Greetings Economists,
On May 3, 2008, at 5:45 PM, Carrol Cox wrote:

No. Fidelity came in when 33x REPALCED 78s. 78s had been standard for
decades.

Doyle;
78s with high fidelity were a post WWII innovation. 78s were around before 'fidelity' happened. 33s were albums and a new marketing gimmick. Before WWII the equipment was not high fidelity, and it was the relative wealth of post WWII that founded audiophile tastes.

Doug,
Yeah. Good sound, fluent presentation, knowing what you're talking about, good musical interludes - all just bourgeois crap, right? Bad sound, stumbling speech, ignorant ranting, and "pamphletismo" music (a term I learned from Ned Sublette) - that's proof of authenticity. Produces those giant audiences Pacifica is famous for.

Doyle;
This is your pain button responding. We are not really talking technology this way. Your point is a stance about what radio ought to be. MP3 is a mass medium that kids use in their communities without special attention to fidelity. You don't mention social software, so your view of radio is like what a good broadcast is. That is eroded by the net, as you already point out by making this about fidelity. But for example KPFA has a big market on the internet already and growing. So fidelity is not really the issue in 'good' radio, it's the technology of mass distribution and what exchange of files means.

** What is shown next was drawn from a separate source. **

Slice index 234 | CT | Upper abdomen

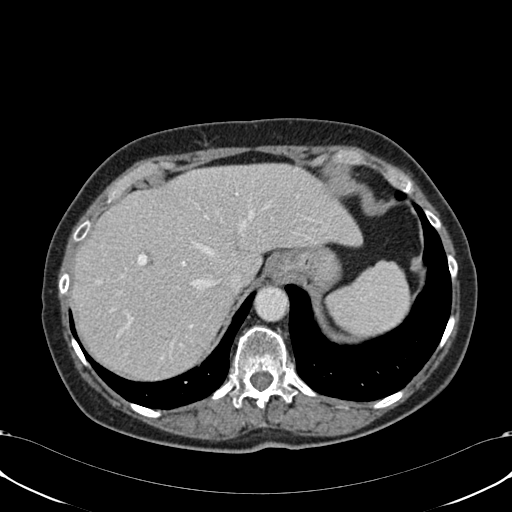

To be honest, I think my way is a great organizers stance. More community participating in the product, wider and shallower information like Wikipedia. Gradually as the process matures it creates stronger ties than stars do. Is Doug Henwood a star, well not in the way broadcast media is measured. So I am not casting aspersions on Doug.

But the sort of community ties I want to see building a mass movements just can't be made by your model. It is true things now are in their infancy, but you acknowledge some of my points by maintaining your distribution list. It functions for a small audience. Yet the contributers are talented above average people. Not stars mostly either.

Fidelity is a non issue about radio. It functioned decades ago as a marketing of 78s. Audiophiles are not a big market and don't influence sound at all.